Stored data ->
- - - - -
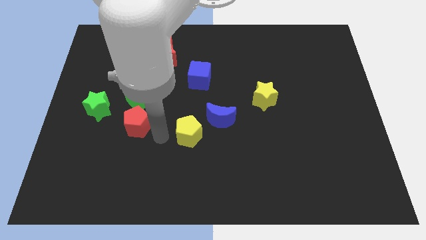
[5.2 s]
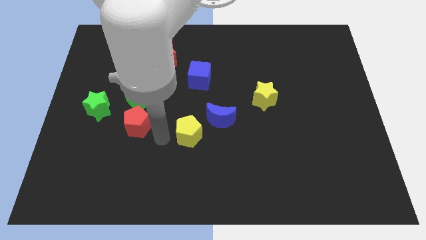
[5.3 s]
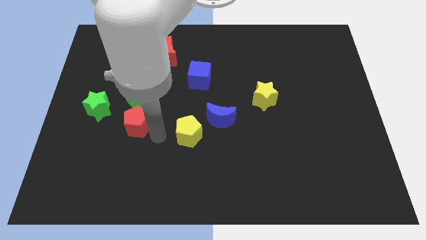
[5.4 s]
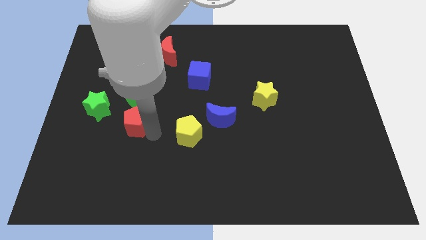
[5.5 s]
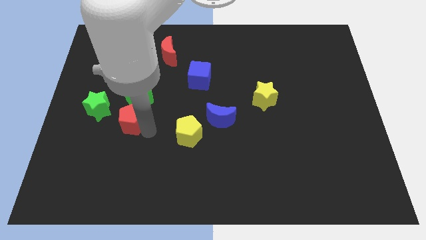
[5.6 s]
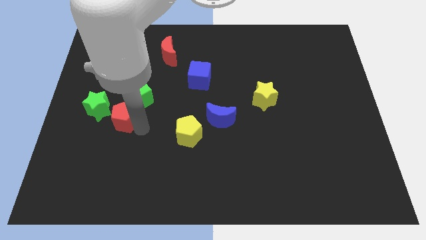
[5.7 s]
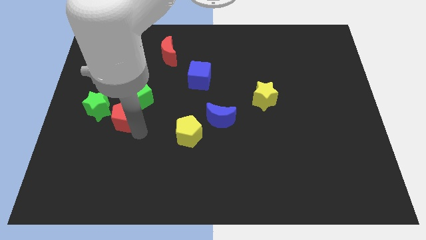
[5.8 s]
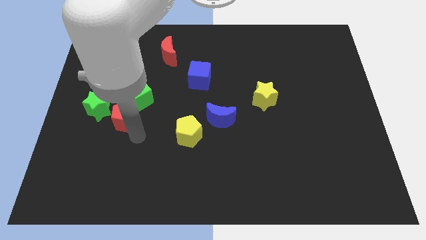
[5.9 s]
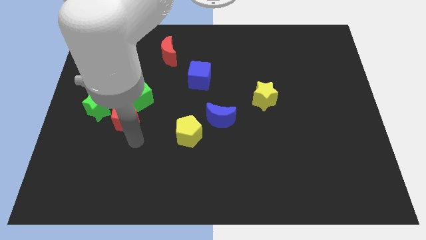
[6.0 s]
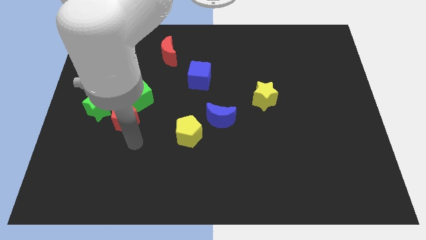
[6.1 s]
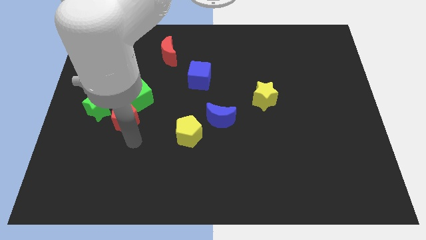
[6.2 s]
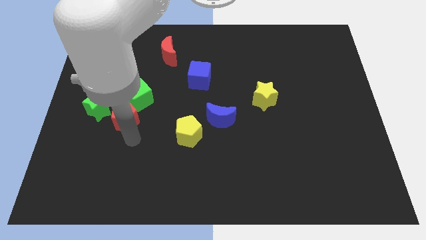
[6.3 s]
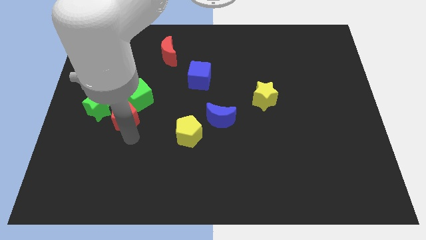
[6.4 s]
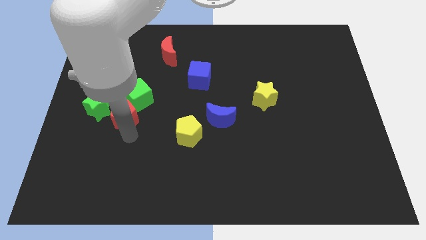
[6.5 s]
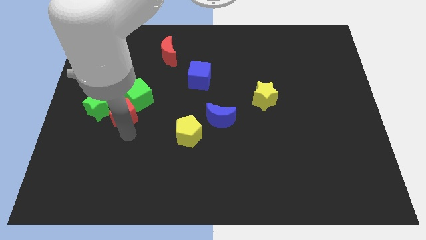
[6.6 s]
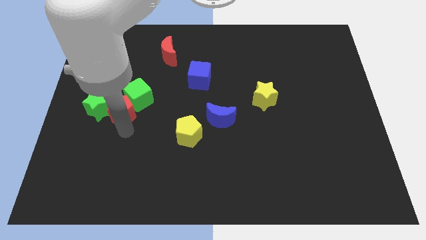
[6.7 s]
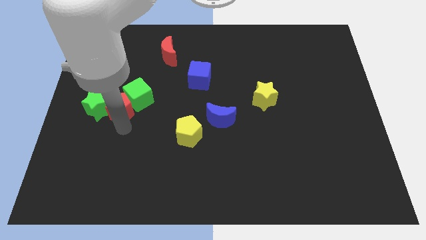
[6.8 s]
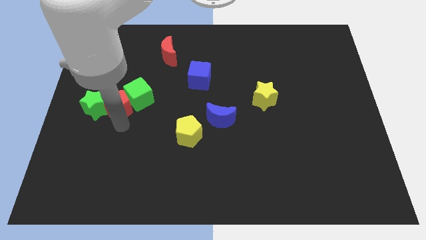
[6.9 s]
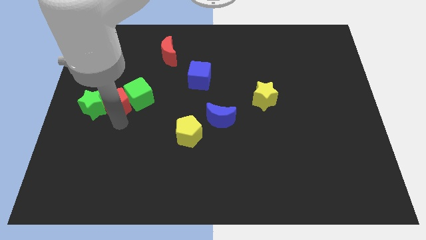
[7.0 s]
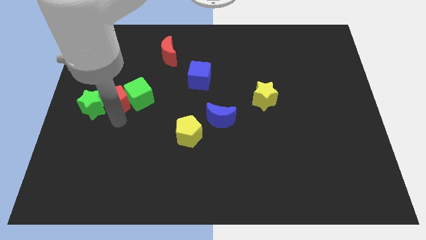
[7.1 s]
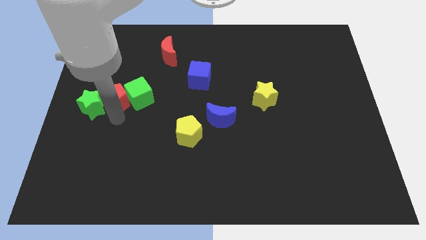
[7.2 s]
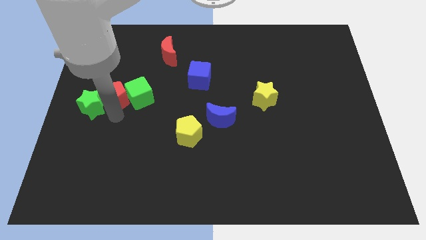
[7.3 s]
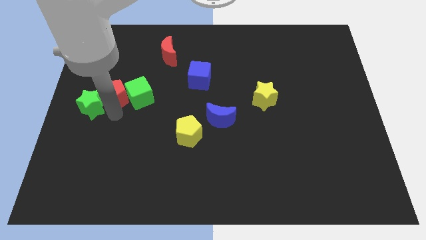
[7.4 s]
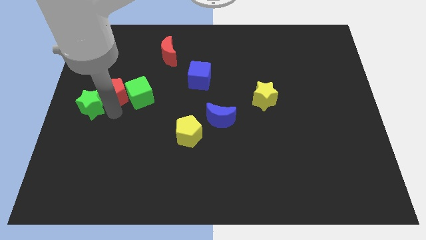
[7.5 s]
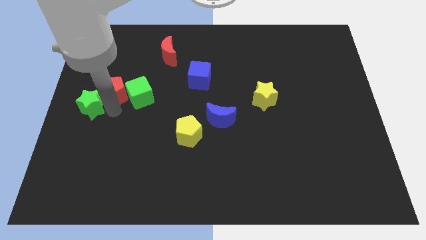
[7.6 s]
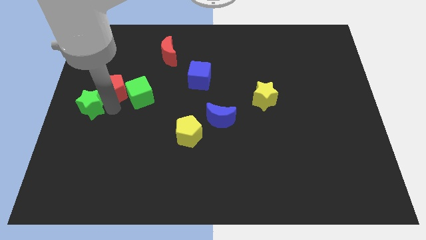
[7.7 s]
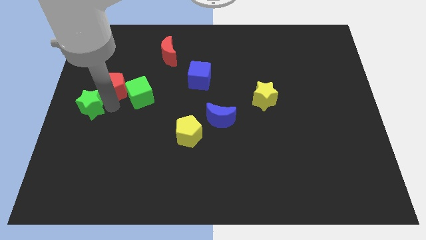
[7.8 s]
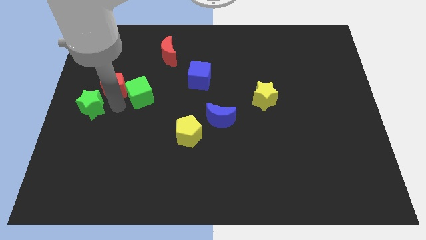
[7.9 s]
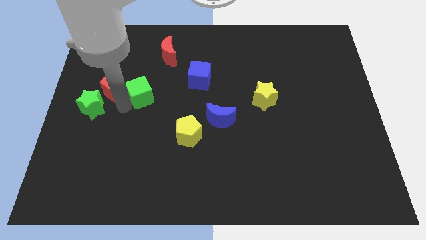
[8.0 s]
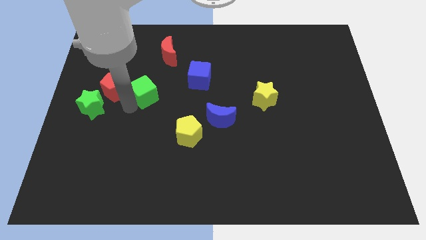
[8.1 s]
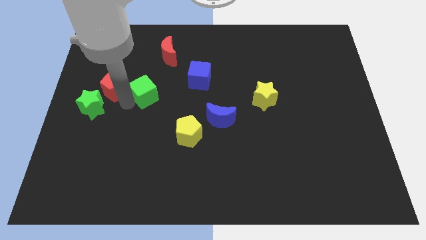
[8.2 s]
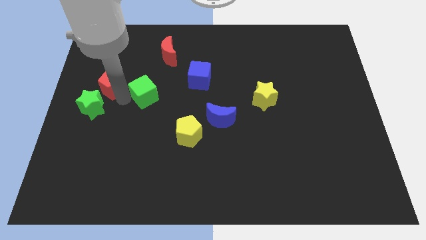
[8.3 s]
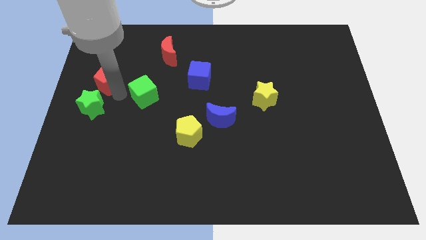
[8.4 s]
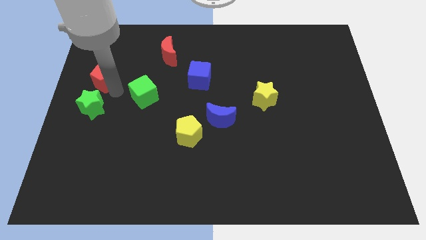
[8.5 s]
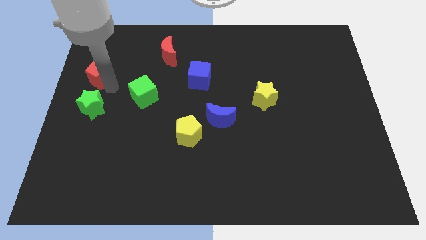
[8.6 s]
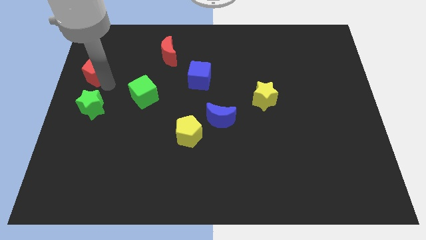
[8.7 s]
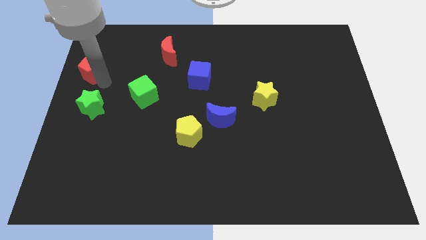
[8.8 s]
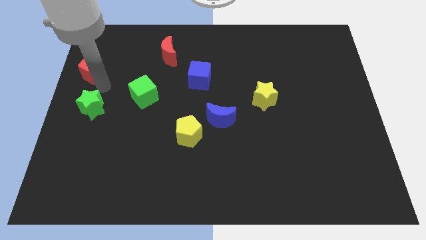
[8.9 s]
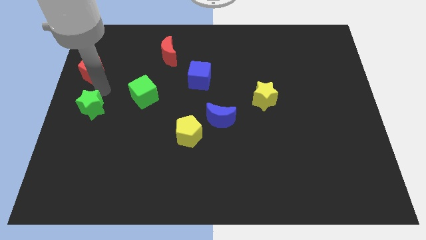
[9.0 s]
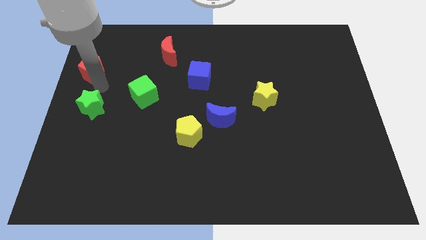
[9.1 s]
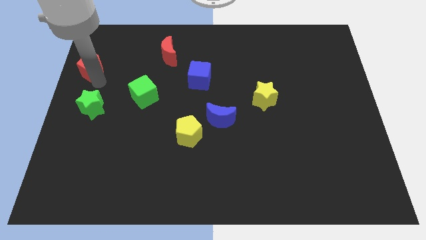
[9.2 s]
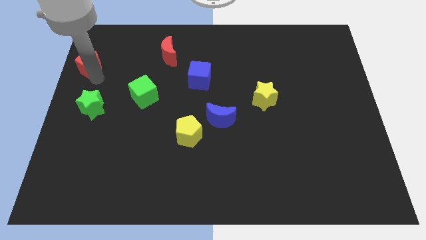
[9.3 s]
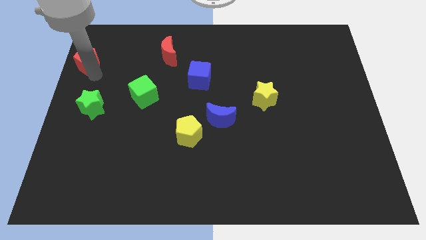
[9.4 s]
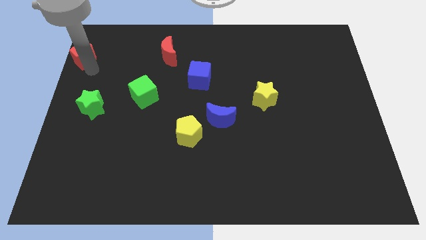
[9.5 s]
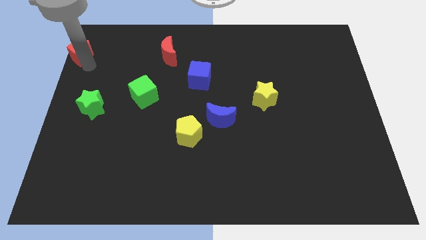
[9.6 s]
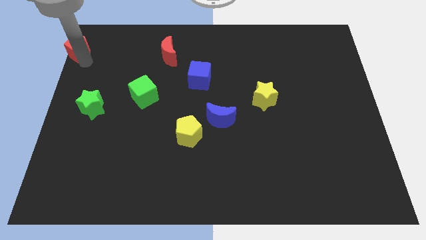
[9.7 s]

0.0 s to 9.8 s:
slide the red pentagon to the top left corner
- - - - -
About this task -> Your reply should restate every entry exactly, with the pictures left out.

Problem solution ->
[5.2 s]
[5.3 s]
[5.4 s]
[5.5 s]
[5.6 s]
[5.7 s]
[5.8 s]
[5.9 s]
[6.0 s]
[6.1 s]
[6.2 s]
[6.3 s]
[6.4 s]
[6.5 s]
[6.6 s]
[6.7 s]
[6.8 s]
[6.9 s]
[7.0 s]
[7.1 s]
[7.2 s]
[7.3 s]
[7.4 s]
[7.5 s]
[7.6 s]
[7.7 s]
[7.8 s]
[7.9 s]
[8.0 s]
[8.1 s]
[8.2 s]
[8.3 s]
[8.4 s]
[8.5 s]
[8.6 s]
[8.7 s]
[8.8 s]
[8.9 s]
[9.0 s]
[9.1 s]
[9.2 s]
[9.3 s]
[9.4 s]
[9.5 s]
[9.6 s]
[9.7 s]

0.0 s to 9.8 s:
slide the red pentagon to the top left corner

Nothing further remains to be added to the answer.